The wait begins today for a verdict after the two sides in the VANOC gender discrimination trial offer their closing statements in British Columbia Supreme Court.
VANOC's lawyer, George Macintosh, said Thursday “there is going to be zero discrimination” at the 2010 Winter Olympics.
Macintosh made the comment during an exchange with Justice Lauri Ann Fenlon after she challenged him on his contention that VANOC is controlled by the IOC, not governments.
Fifteen women ski jumpers want VANOC deemed government-controlled so that it will adhere to the Charter of Rights and Freedoms and compel the IOC to add a single women’s event on the normal hill to the Games schedule.
“Are the plaintiffs not complaining that VANOC, part of what VANOC is doing, is providing government-funded venues... and it is providing that to a Games, a program [they say] discriminates against women?” Fenlon asked.
Macintosh said the complaint is really against the IOC, which made the 2006 decision not to add women’s ski jumping. He said governments act as overseers and do not control the local organizing committee.
“VANOC has always behaved commendably and progressively and will host in a perfectly and proper way,” Macintosh said. He added VANOC “wanted these people here” and feels badly their competition won’t happen.
The IOC, he said, does not discriminate against women. “Far from having erected those barriers, it is the IOC’s mission to dismantle them.”
Macintosh later cited an affidavit by Walter Sieber, a VANOC director and member of the Olympic program commission. Sieber indicated the OPC carefully considered adding women’s ski jumping because of gender equity. It eventually ruled against women’s ski jumping because there would only be one pre-Vancouver 2010 world championship and international participation did not meet IOC criteria.
Special notice however, was given when the executive board said it would “be closely following the development... with a view to its inclusion in future Olympic Games.”
Ross Clark, lawyer for the plaintiffs, noted in his submission earlier in the week that skicross was newer and less popular than ski jumping.
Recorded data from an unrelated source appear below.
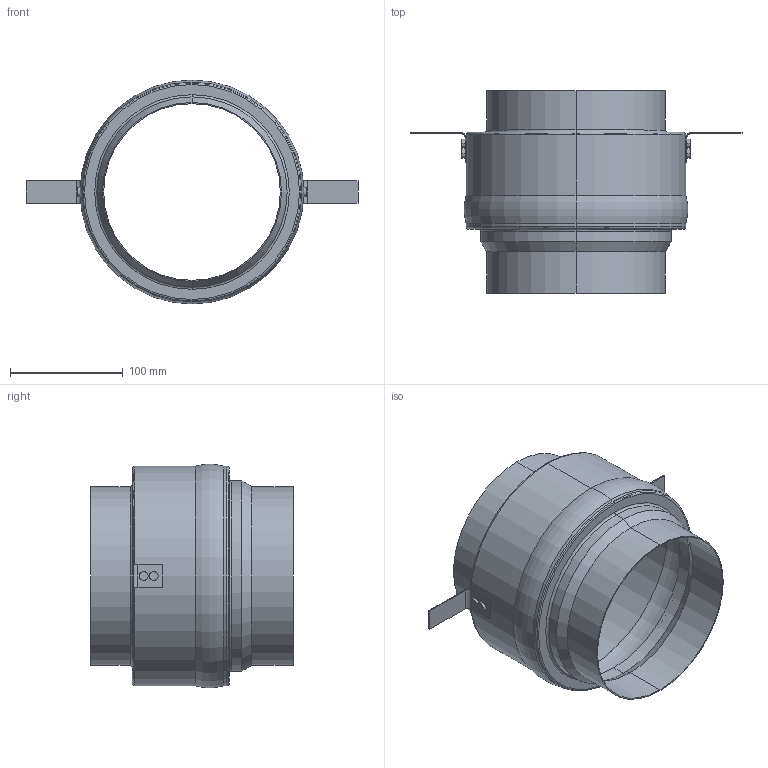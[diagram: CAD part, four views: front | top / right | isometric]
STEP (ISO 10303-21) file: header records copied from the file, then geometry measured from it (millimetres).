
FILE_DESCRIPTION (( 'STEP AP214' ), '1' );
FILE_NAME ('TS18 DN160.step', '2009-06-28T09:22:17', ( 'Wolfgang Schmidt' ), ( 'WS-KO' ), 'SwSTEP 2.0', 'SolidWorks 2008', '' );
FILE_SCHEMA (( 'AUTOMOTIVE_DESIGN' ));
Length unit declared in the file: millimetre
Products named in the file (1): TS18 DN160
Bounding box: 295 x 180 x 199 mm (x, y, z)
Volume: 121374.8 mm3; surface area: 241592.7 mm2
Topology: 3 solids, 3 shells, 74 faces, 156 edges, 96 vertices
Faces by surface type: cylinder 32, plane 26, torus 12, cone 4
Entity records: 2037 total; most frequent: DIRECTION 390, CARTESIAN_POINT 327, ORIENTED_EDGE 312, AXIS2_PLACEMENT_3D 159, EDGE_CURVE 156, VERTEX_POINT 96, EDGE_LOOP 84, CIRCLE 84
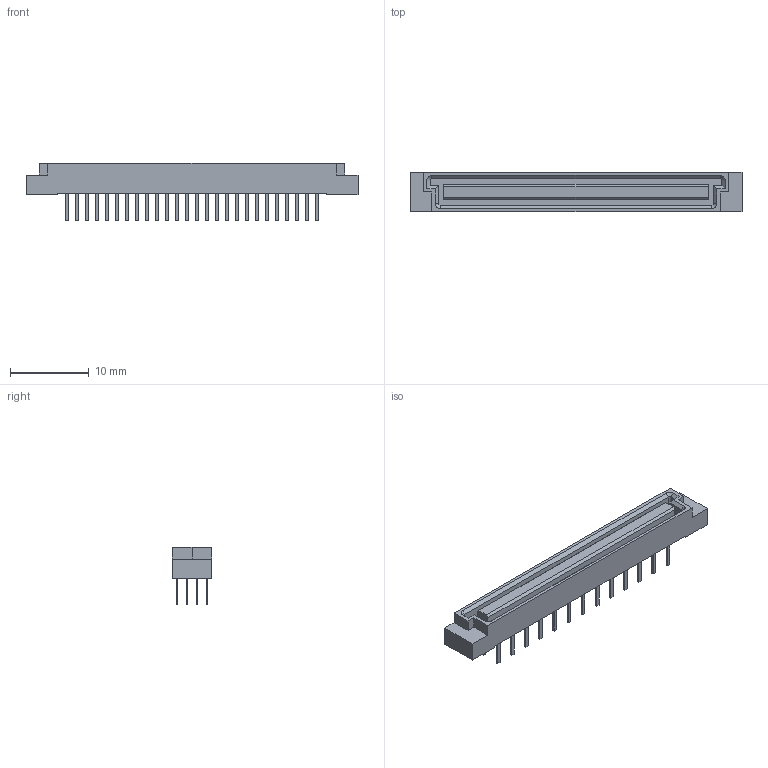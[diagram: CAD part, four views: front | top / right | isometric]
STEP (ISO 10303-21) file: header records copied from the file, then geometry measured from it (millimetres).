
FILE_DESCRIPTION(('CoCreate Modeling STEP Export'),'2;1');
FILE_NAME('FX4C-52S-1.27DSA.stp','2012-07-30T 9:07:56',(''),(''),'CoCreate Modeling STEP processor for AP214 (Solid Model)','CoCreate Modeling 17.0 01-Apr-2010 (C) Parametric Technology GmbH','');
FILE_SCHEMA(('AUTOMOTIVE_DESIGN { 1 0 10303 214 1 1 1 1 }'));
Length unit declared in the file: millimetre
Products named in the file (1): FX4C-52S-1.27DSA
Bounding box: 42.19 x 5 x 7.3 mm (x, y, z)
Volume: 616.1 mm3; surface area: 1438.4 mm2
Topology: 1 solids, 1 shells, 310 faces, 750 edges, 496 vertices
Faces by surface type: plane 302, cylinder 4, cone 4
Entity records: 8433 total; most frequent: ORIENTED_EDGE 1500, CARTESIAN_POINT 1464, DIRECTION 1224, EDGE_CURVE 750, VECTOR 712, LINE 712, VERTEX_POINT 496, EDGE_LOOP 364
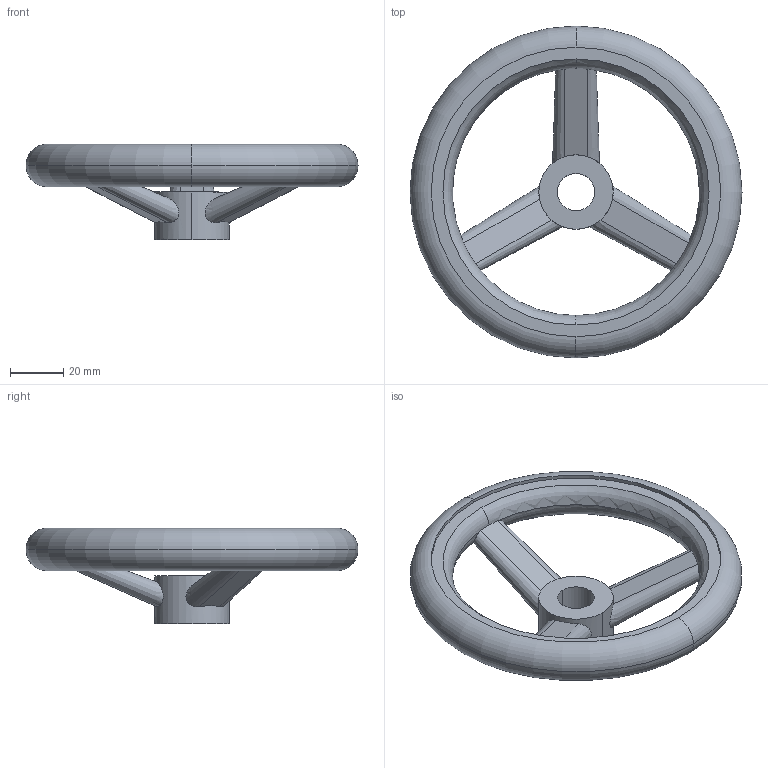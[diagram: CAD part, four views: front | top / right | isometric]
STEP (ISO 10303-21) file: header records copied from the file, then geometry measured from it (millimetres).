
FILE_DESCRIPTION(('STEP AP214'),'1');
FILE_NAME(' ',' ',('TraceParts'),('TraceParts S.A.'),'XStep 1.0',' ',' ');
FILE_SCHEMA(('automotive_design'));
Length unit declared in the file: millimetre
Products named in the file (1): 1
Bounding box: 125 x 125 x 36 mm (x, y, z)
Volume: 86731.1 mm3; surface area: 25174.1 mm2
Topology: 1 solids, 1 shells, 32 faces, 91 edges, 59 vertices
Faces by surface type: plane 10, torus 8, cylinder 8, cone 6
Entity records: 2646 total; most frequent: CARTESIAN_POINT 776, STYLED_ITEM 183, PRESENTATION_STYLE_ASSIGNMENT 183, COLOUR_RGB 183, ORIENTED_EDGE 182, DIRECTION 175, EDGE_CURVE 91, CURVE_STYLE 91
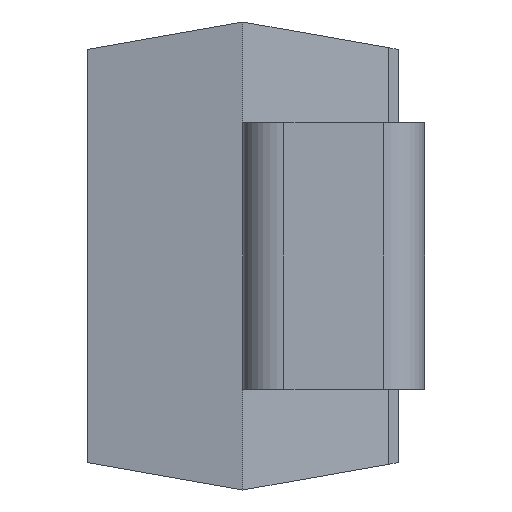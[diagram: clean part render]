
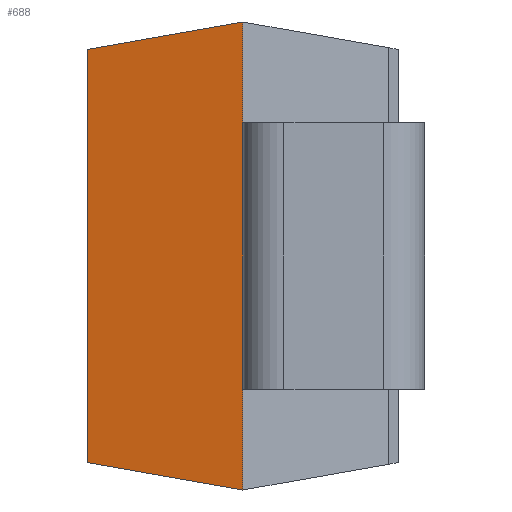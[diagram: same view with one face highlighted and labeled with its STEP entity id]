
A CAD part, left-side view. The second image highlights one B-rep face of the part: STEP entity #688.
In plain terms, the highlighted planar face has unit normal (-0.985, 0.174, 0).
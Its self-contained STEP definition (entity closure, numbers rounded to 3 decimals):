
#42 = AXIS2_PLACEMENT_3D ( 'NONE', #1458, #766, #1107 ) ;
#47 = DIRECTION ( 'NONE',  ( 0., 0., 1. ) ) ;
#50 = CARTESIAN_POINT ( 'NONE',  ( -1.99, 1.204, 1.598 ) ) ;
#79 = DIRECTION ( 'NONE',  ( -0.171, -0.97, -0.171 ) ) ;
#104 = ORIENTED_EDGE ( 'NONE', *, *, #844, .T. ) ;
#210 = VERTEX_POINT ( 'NONE', #50 ) ;
#262 = VECTOR ( 'NONE', #797, 1000. ) ;
#273 = CARTESIAN_POINT ( 'NONE',  ( -2.202, 0., 1.81 ) ) ;
#305 = CARTESIAN_POINT ( 'NONE',  ( -2.203, 0., -1.81 ) ) ;
#310 = ORIENTED_EDGE ( 'NONE', *, *, #593, .F. ) ;
#325 = VECTOR ( 'NONE', #47, 1000. ) ;
#364 = LINE ( 'NONE', #273, #1385 ) ;
#411 = VERTEX_POINT ( 'NONE', #701 ) ;
#446 = EDGE_LOOP ( 'NONE', ( #1338, #1198, #310, #104 ) ) ;
#462 = EDGE_CURVE ( 'NONE', #842, #411, #364, .T. ) ;
#507 = DIRECTION ( 'NONE',  ( 0., 0., 1. ) ) ;
#593 = EDGE_CURVE ( 'NONE', #621, #210, #801, .T. ) ;
#621 = VERTEX_POINT ( 'NONE', #995 ) ;
#688 = ADVANCED_FACE ( 'NONE', ( #1470 ), #773, .T. ) ;
#701 = CARTESIAN_POINT ( 'NONE',  ( -2.202, 0., 1.81 ) ) ;
#766 = DIRECTION ( 'NONE',  ( -0.985, 0.174, 0. ) ) ;
#773 = PLANE ( 'NONE',  #42 ) ;
#783 = VECTOR ( 'NONE', #79, 1000. ) ;
#797 = DIRECTION ( 'NONE',  ( -0.171, -0.97, 0.171 ) ) ;
#801 = LINE ( 'NONE', #893, #325 ) ;
#842 = VERTEX_POINT ( 'NONE', #305 ) ;
#844 = EDGE_CURVE ( 'NONE', #621, #842, #934, .T. ) ;
#854 = LINE ( 'NONE', #1506, #262 ) ;
#893 = CARTESIAN_POINT ( 'NONE',  ( -1.99, 1.204, 1.81 ) ) ;
#934 = LINE ( 'NONE', #1483, #783 ) ;
#935 = EDGE_CURVE ( 'NONE', #210, #411, #854, .T. ) ;
#995 = CARTESIAN_POINT ( 'NONE',  ( -1.99, 1.204, -1.598 ) ) ;
#1107 = DIRECTION ( 'NONE',  ( -0.174, -0.985, 0. ) ) ;
#1198 = ORIENTED_EDGE ( 'NONE', *, *, #935, .F. ) ;
#1338 = ORIENTED_EDGE ( 'NONE', *, *, #462, .T. ) ;
#1385 = VECTOR ( 'NONE', #507, 1000. ) ;
#1458 = CARTESIAN_POINT ( 'NONE',  ( -2.202, 0., 1.81 ) ) ;
#1470 = FACE_OUTER_BOUND ( 'NONE', #446, .T. ) ;
#1483 = CARTESIAN_POINT ( 'NONE',  ( -2.097, 0.601, -1.704 ) ) ;
#1506 = CARTESIAN_POINT ( 'NONE',  ( -2.074, 0.731, 1.681 ) ) ;

Macintosh denied that the cost of adding a women’s competition was a concern of VANOC.
Outside the court, ski jumper Katie Willis’s mother Jan questioned VANOC’s support. Willis said VANOC Nordic combined and ski jumping manager John Heilig told her in an early January 2008 phone call that if Canadian ski jumpers joined a news conference by American women’s ski jumping advocates “we won’t let you use the facility.”
“He said he got orders,” Willis said. “A shocking comment to hear, but it didn’t seem like it would come from his lips.”
Heilig could not be reached for comment.
With reporting from Bob Mackin in Vancouver.